Mister Rogers’ Neighborhood

Various: International Pop Overthrow, Volume 22

Triple-disc collection of catchy pop (power and otherwise)

Jangly guitars? Check. Catchy melodies? Check. Broken hearts and vocal harmonies? Check and check. Three discs filled to the brim with three hours and forty-five minutes of pop (power and otherwise) recorded in studios and bedrooms all around the world. After a couple of volumes on the Del Fi label, more than a decade on Not Lame, and another seven volumes on Bruce Bordeen’s purpose-built Pop Geek Heaven, IPO bestowed its annual compilation (which became a triple-disc affair with volume five) on Omnivore with volume twenty-one. The latest collection, featuring bands that have played the annual IPO festival, and some that have not, is a solid entry in the series. 69 tracks that include a few luminaries (Bird Streets, Peter Holsapple, Van Duren, Kimberly Rew, and others), and a load of bands you may not have heard of.

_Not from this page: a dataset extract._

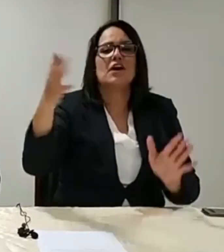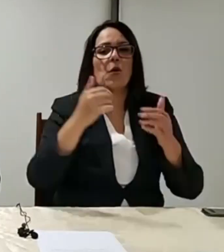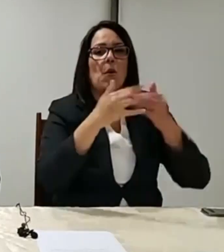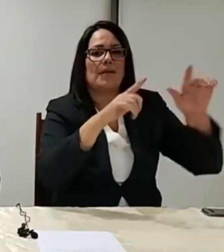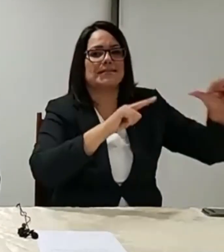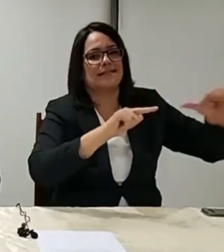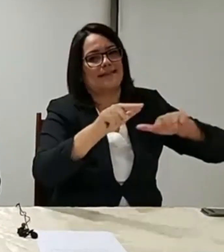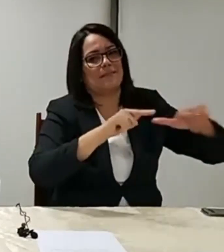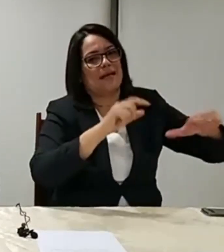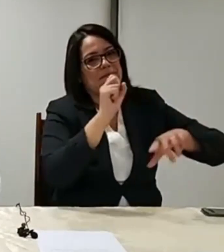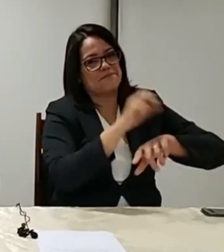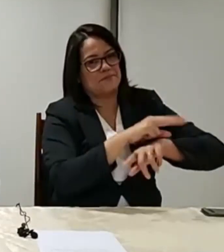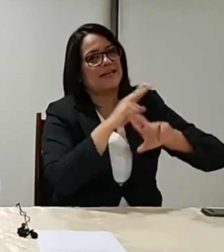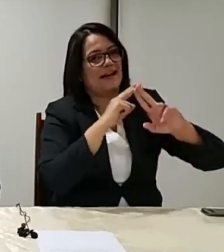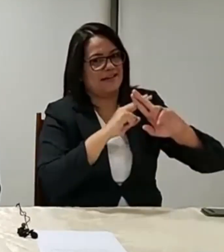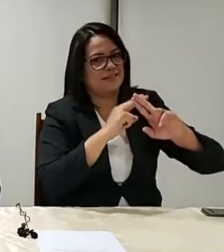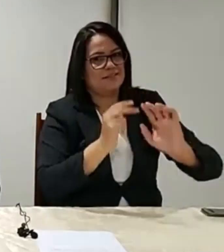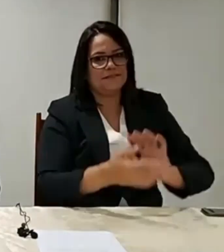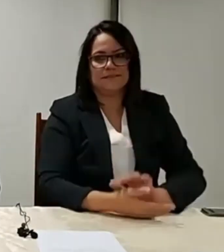começar a trabalhar. Obrigado, Luiz.

There are too many highlights to name them all, but standouts include the joyously wordy verses and harmony choruses of Pecker’s “They Painted With Their Fingers,” the Popdudes’ dance floor-filling cover of the Wonders’ “Dance With Me,” Wolf Circus’ compassionate indie pop “I Will Answer,” the Posers’ Beach Boys-tinged psych “The Time and Place,” the magical mix of Rain Parade’s drone and Simon & Garfunkel’s duet harmony on Harrison Clock’s “Divine,” the catchy rhythm guitar on the Brothers Steve’s delicious bubblegum “She,” the Knack tribute sounds of Japan’s The Sharona on their original “Oh My Girl,” the full-throated harmonies and drippy guitar of Three Hour Tour’s “Lonely Place,” the Pat Benetar power of Slyboots’ “The Fall,” the twin lead guitars and emotional rebirth of the Jeremy Band’s “Joy Comes in the Morning,” the grungy psych of the Anderson Council’s “Lord Cornelius Plum,” the aptly named Zombies of The Stratosphere’s groovy cover of Billy Nicholls‘ (and Dana Gillespie’s) “London Social Degree,” and the Last Hurrah’s set-ending “Saturday in the Sunshine.”

Most of the tracks are rabbit holes into band websites, Facebook and Bandcamp pages, YouTube videos, digital downloads, CDs, vinyl singles, scene reports and info on related bands. This set is both a sampler of each band’s wares and a link to their catalogs; it’s a great spin on its own, but even better as a guide to bands you’d like to get to know. IPO founder David Bash and with his wife, Rina Bardfield, distill hundreds of audition tapes to select acts for the festival, and distill the festival lineup even further to fill these three discs (which, incredibly, fit into a standard-sized jewel case). The four page booklet includes band lineups, production credits and website URLs, but no background info – this is left for the listener to discover. But the music is great, and will motivate you to find out more about your favorites, of which there will be many. [©2020 Hyperbolium]

International Pop Overthrow’s Home Page

Van Duren: Idiot Optimism

Rare 1970s Memphis pop-rock follow-up

The 1970s Memphis rock scene was fertile but largely ignored in its time. Big Star rose to influence and renown only decades after they failed to make a commercial impression and disbanded. Others on the scene – Icewater, Rock City, the Hot Dogs, Cargoe, Zuider Zee – caught varying degrees of reflected post-mortem Big Star spotlight on compilations and reissues, but Van Duren, who recorded one of the city’s best ‘70s rock albums, remained obscure. This 1978 release, originally on the short-lived Big Sound label, garnered favorable reviews and FM radio play, but has been little known by even those who’ve collected the endless stream of Big Star reissues and vault material, and has been selling for big dollars in secondary markets.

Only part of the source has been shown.